Schicht im Schacht, Feierabend, Zapfenstreich, fenito.

Schicht im Schacht, Ruhe am Katzennetz

Schicht im Schacht für heute.
Eigentlich dachte ich, dass es mal etwas kühler ist. Als ich aber die Dreckspatzwolle auf dem Balkon gezupft habe, kam ich schon wieder arg ins Schwitzen. Auf meinem Balkon ist es wie im Backofen. Egal, morgen kann ich kardieren und immer mal als Knie-Training das Spinnrad treten. Hach, ist die jetzt sauber und kuschelig.

eine Kiste gezupfter Wolle
Penny zeigte schon viel eher, was sie von meinem Rumgewusel hält. Bei ihr war schon bei Zeiten Ruhe. Wenn man von unten am Haus hoch sieht, dann sieht man im Katzennetz einen Katzenpoppes hängen. Penny benutzt das Ding als Hängematte. Kleo hat ja wenigstens noch gekuckt, was da unten so vor sich geht. Penny ist sogar das zu viel. Nicht einmal die zeternde Spatzenschar regt sie auf. Beneidenswert.

Schicht im Schacht

Ich besitze keine Haspel, aber zum Strang wickeln muss ich meine Wolle dennoch, wenn ich sie luftig und ordentlich lagern will. Also wickele ich die gezwirnte Wolle von der Spule um eine Plastikkiste. Von dort lässt sie sich gut abnehmen und zum Strang drehen.

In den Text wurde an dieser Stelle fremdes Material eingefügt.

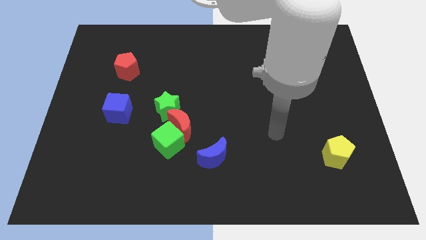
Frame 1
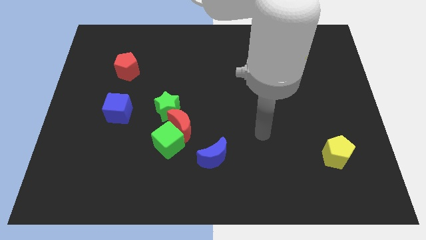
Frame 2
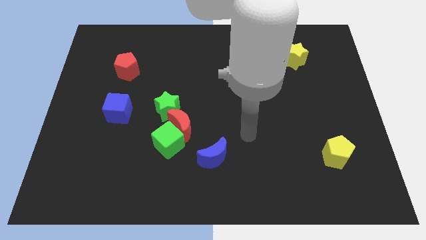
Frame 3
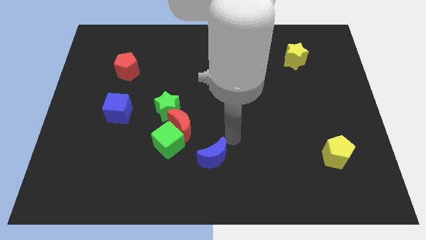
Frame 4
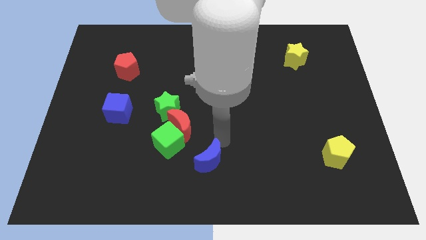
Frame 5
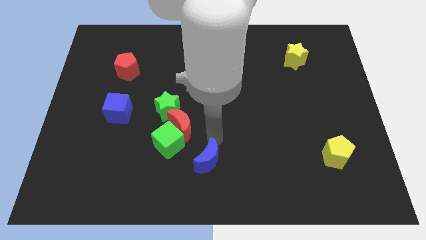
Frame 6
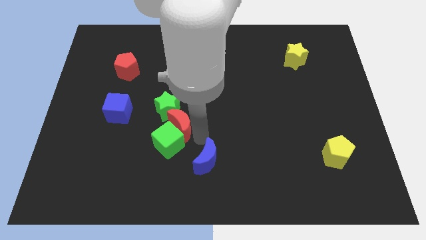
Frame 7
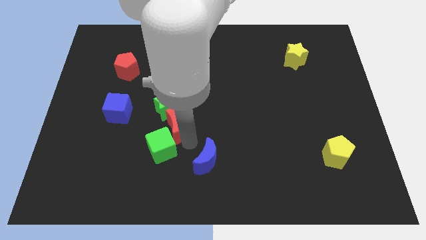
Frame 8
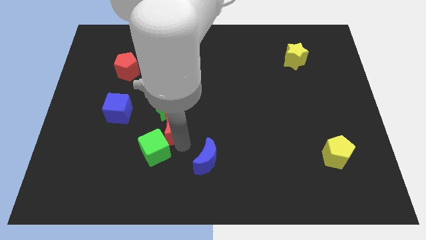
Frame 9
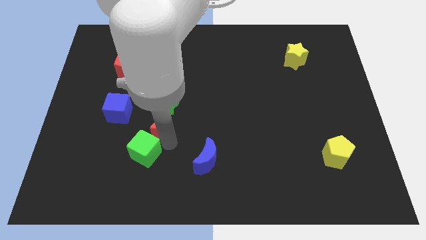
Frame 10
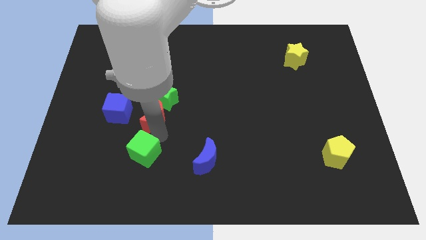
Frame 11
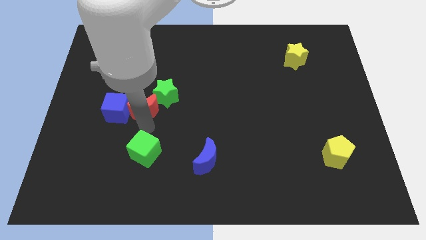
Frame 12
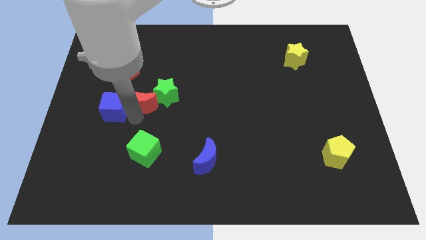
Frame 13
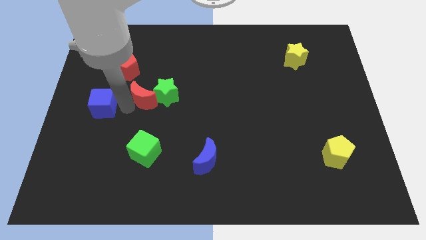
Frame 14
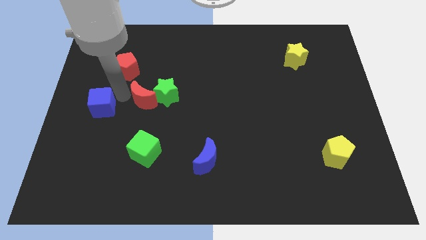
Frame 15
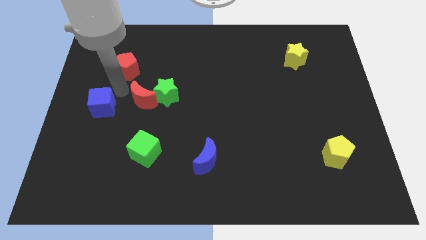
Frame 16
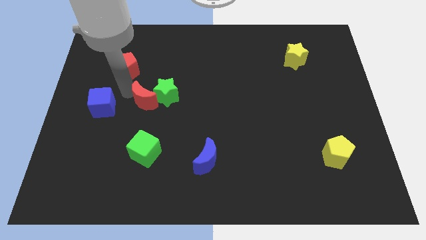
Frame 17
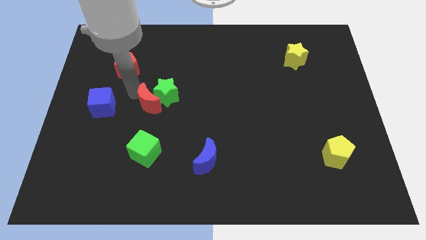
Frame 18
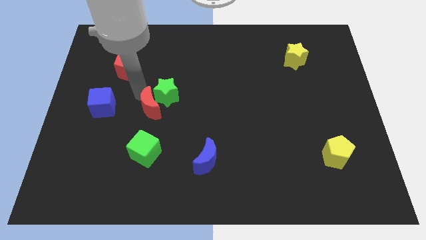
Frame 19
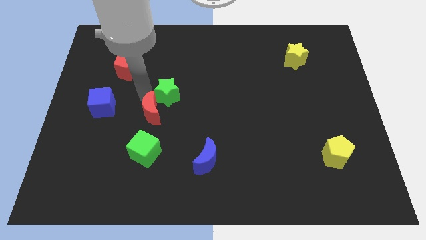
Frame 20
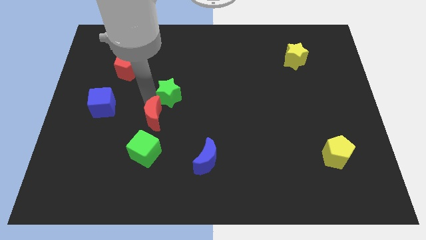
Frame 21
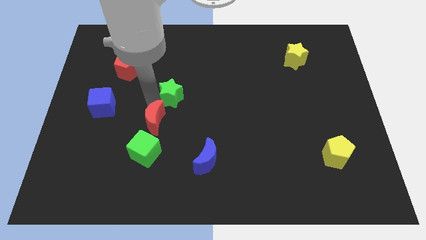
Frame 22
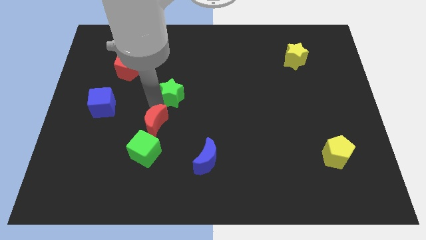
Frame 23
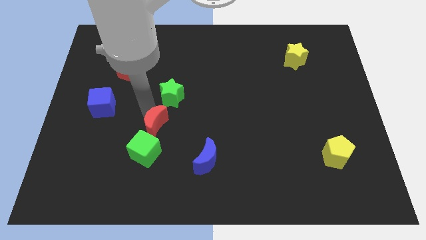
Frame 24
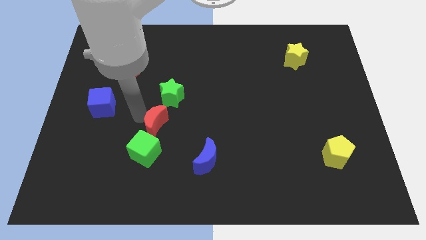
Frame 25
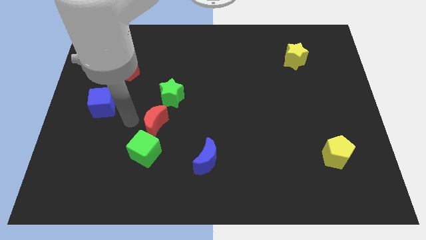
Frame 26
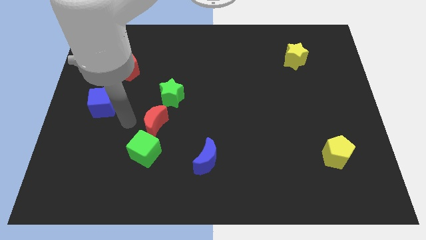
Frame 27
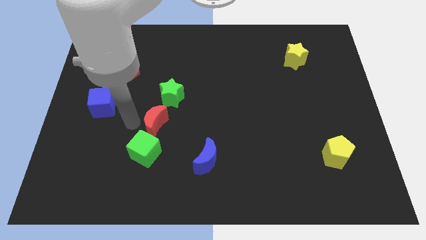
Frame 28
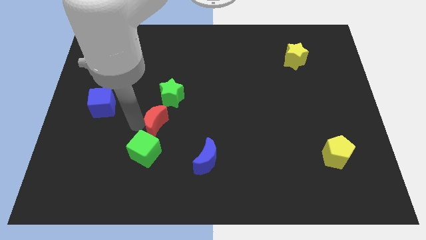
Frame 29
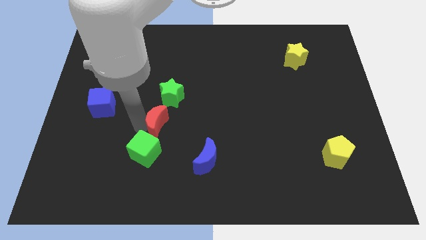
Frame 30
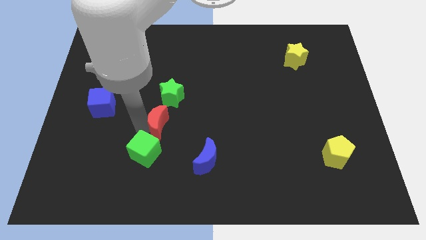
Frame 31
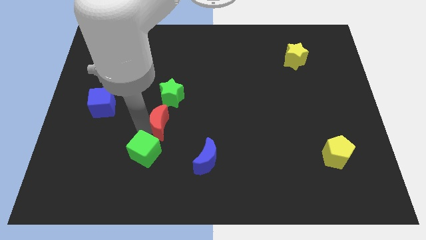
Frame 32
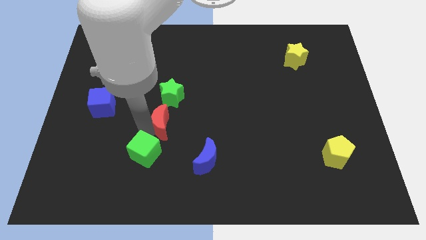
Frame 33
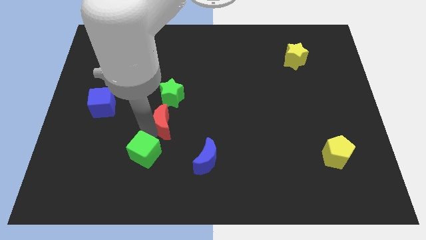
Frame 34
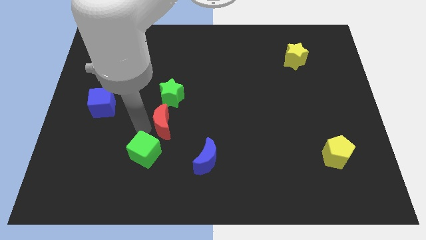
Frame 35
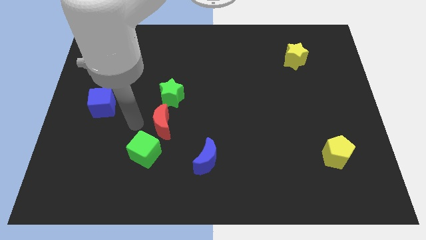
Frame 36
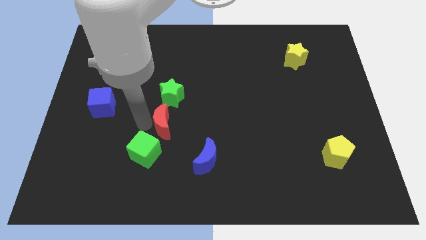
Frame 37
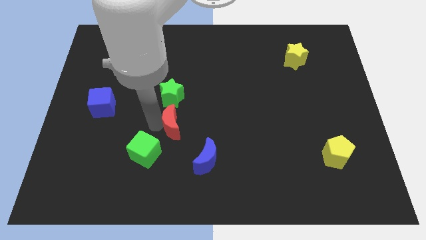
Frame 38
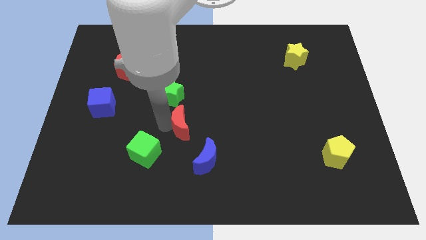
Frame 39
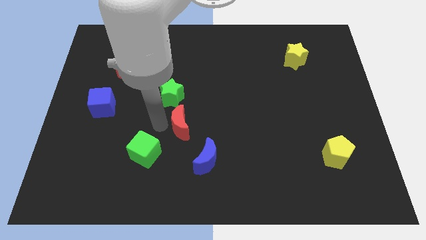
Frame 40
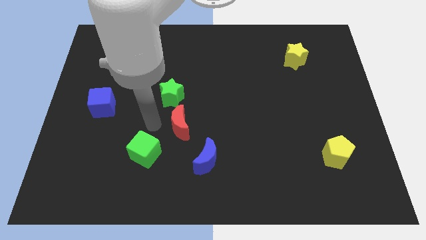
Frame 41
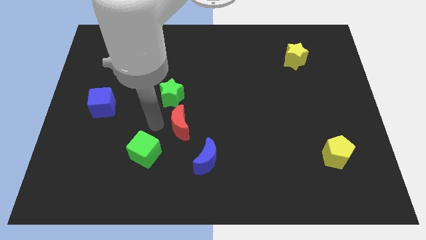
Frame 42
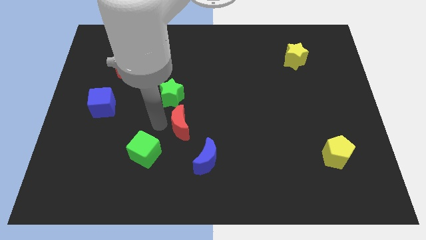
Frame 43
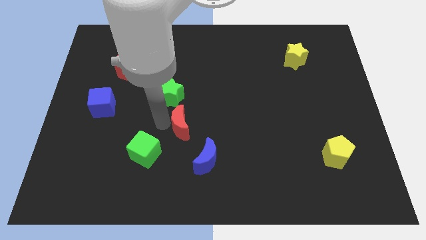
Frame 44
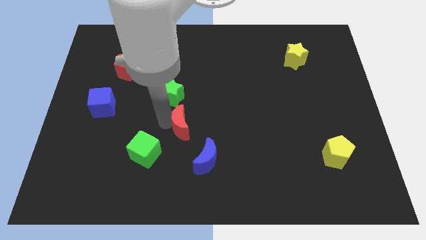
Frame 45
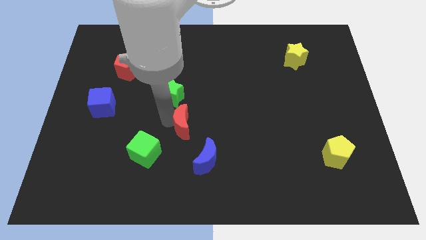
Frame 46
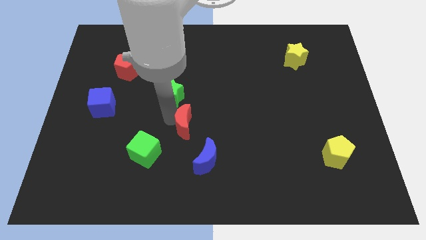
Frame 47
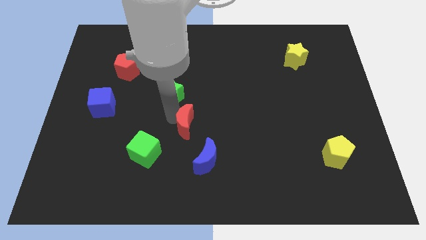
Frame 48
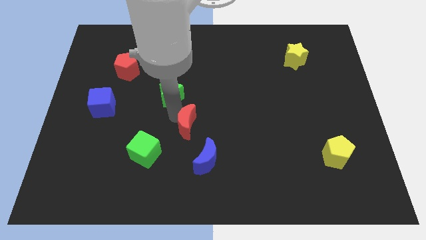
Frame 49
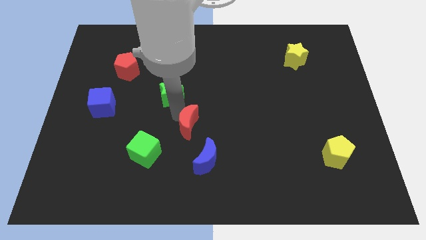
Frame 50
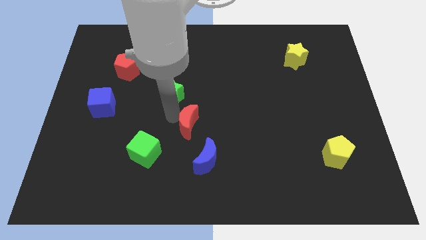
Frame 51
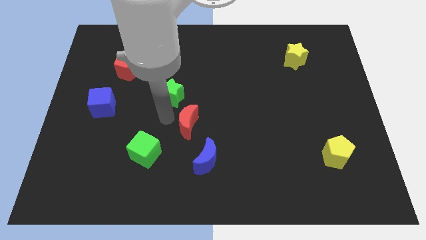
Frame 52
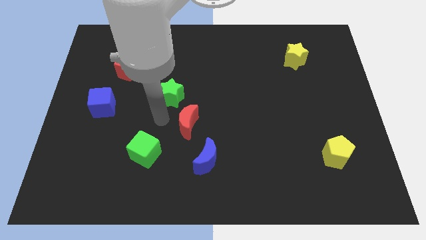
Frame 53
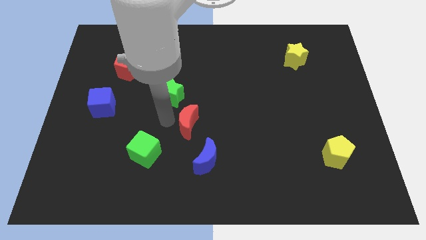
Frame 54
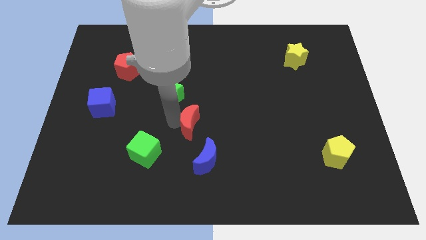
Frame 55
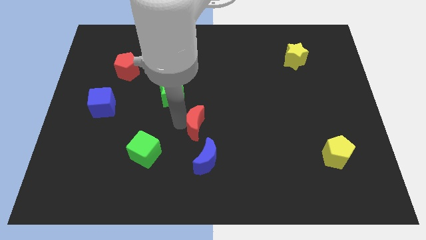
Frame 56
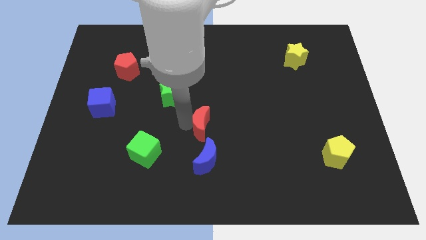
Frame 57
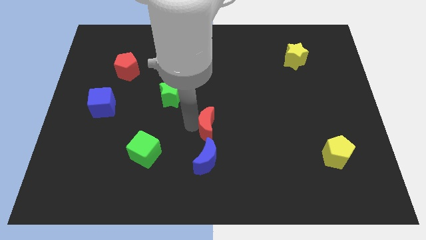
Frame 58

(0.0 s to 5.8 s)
move the red moon away from the green cube and green star

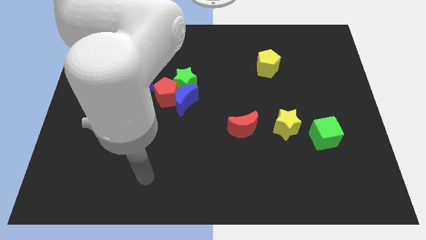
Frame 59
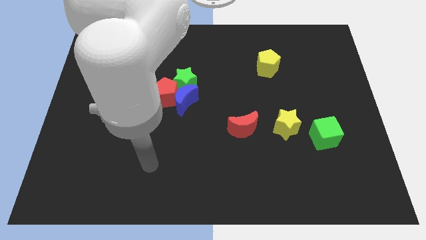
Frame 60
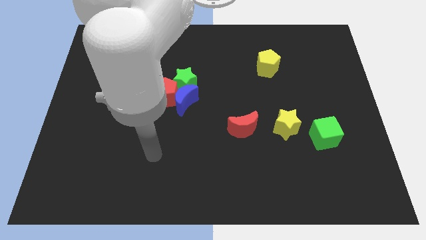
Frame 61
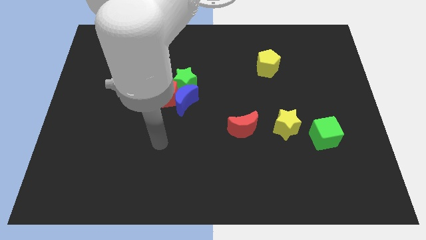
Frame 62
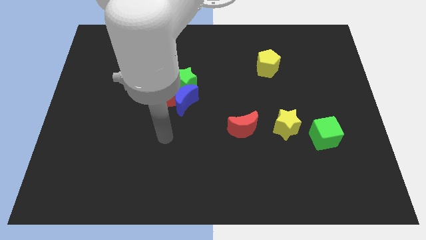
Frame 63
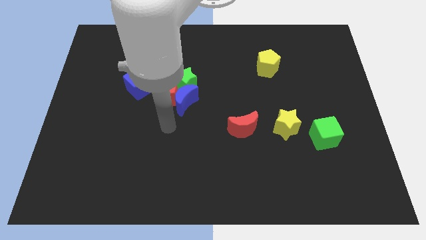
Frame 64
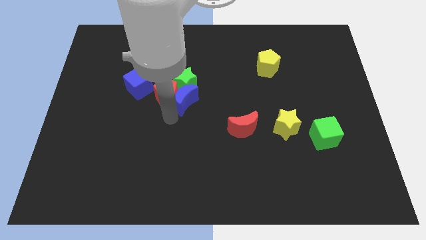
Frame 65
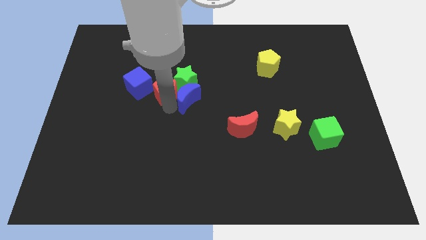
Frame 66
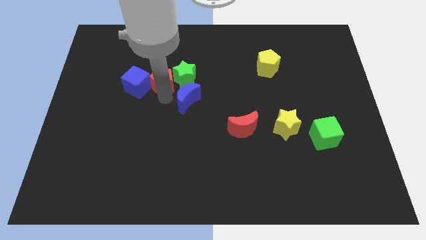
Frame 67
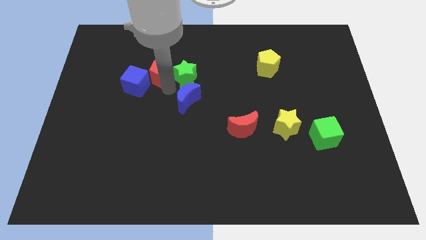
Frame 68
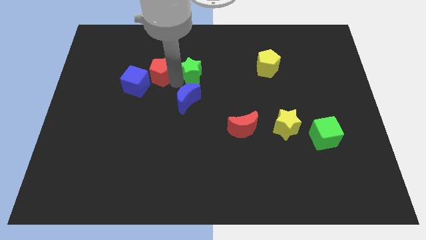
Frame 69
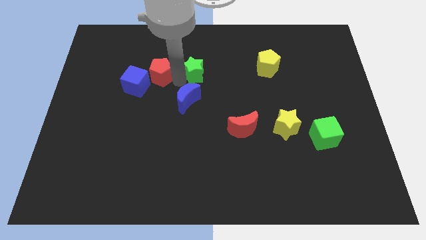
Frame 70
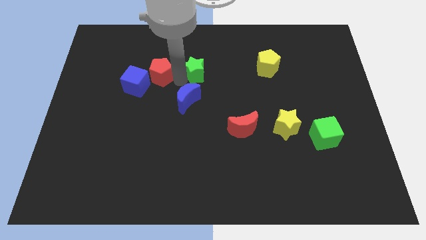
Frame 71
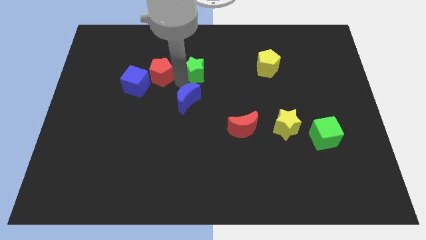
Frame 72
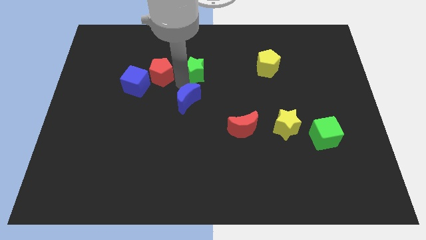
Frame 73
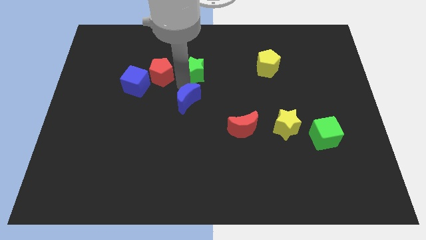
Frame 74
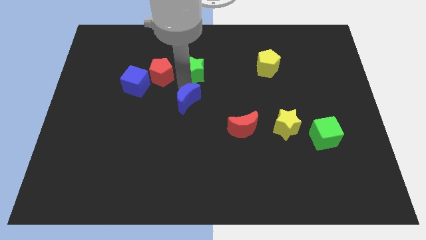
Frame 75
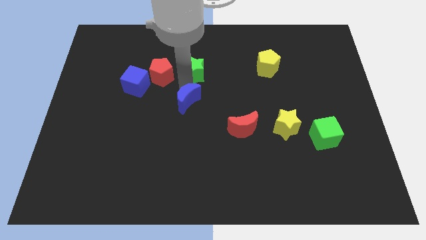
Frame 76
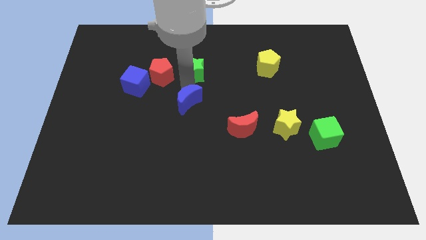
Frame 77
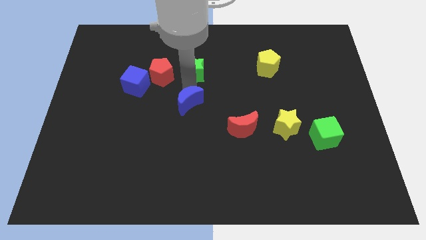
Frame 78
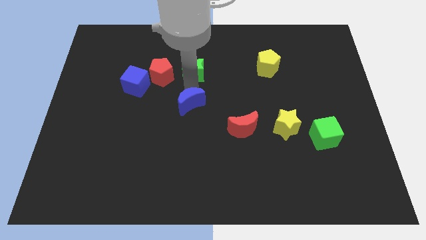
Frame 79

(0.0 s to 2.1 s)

Jedesmal, wenn ich mit der Kiste herum fuhrwerke fällt mir das Märchen von der faulen Spinnerin ein. Kennt ihr das? Nein, im Märchen waren nicht alle fleißig und strebsam. Und es gab für Faulheit auch nicht immer einen Eimer Pech über den Kopf.
Da gab es eine Spinnerin, die zerrte nach dem Spinnen die Wolle von der Spule und ließ sie einfach liegen. Und weil der ganze Fußboden voll damit war, wollte ihr Mann in den Wald gehen und ihr ein Haspelholz schlagen.
Die Maid sah zu, dass sie vor dem Gemahl im Wald war. Sie versteckte sich und flüsterte jedesmal, wenn der Gatte mit der Axt ausholte:

„wer Haspelholz haut, der stirbt,
wer da haspelt, der verdirbt.“

Es dauerte ein bisschen, aber irgendwann hatte sie ihn so kirre gemacht, dass er es aufgab, ein Haspelholz zu schlagen. Und die Spinnerin? Ach lest einfach mal. Das Märchen ist im Netz zu finden und ich werde es wohl irgendwann den Kindern erzählen. Es gefällt mir sehr, so zu tun, als flüsterte ich vom Baum herab.

Wolle haspeln ohne Haspel

Für heute ist bei mir auch Schicht im Schacht. Ich werde noch ein bisschen stricken, damit ich das Teil fertig habe, wenn es im Herbst kühler wird. Ich freue mich schon sehr, weil es auch zu meiner neuen Tunika passen wird. Die DDR-Zeitschrift, aus der ich die Idee habe und in der noch andere interessante Sachen zu finden sind, habe ich bei ZVAB gefunden und mir gleich bestellt. Ich möchte mir viel Kleidung selber machen.

Gestrickt habe ich jetzt auch immer, wenn ich meine Umgebung nicht so sehr in mein Bewusstsein dringen lassen wollte oder wenn ich Wartezeiten zu überbrücken hatte. So eben auch an der Bushaltestelle oder in der Straßenbahn. Interessante Gespräche entwickelten sich. Das hätte ich nie für möglich gehalten.

So, jetzt ist aber wirklich Schluss, Schicht im Schacht, fenito. Lasst es euch gut gehen, egal wo ihr seid und was euch gerade beschäftigt.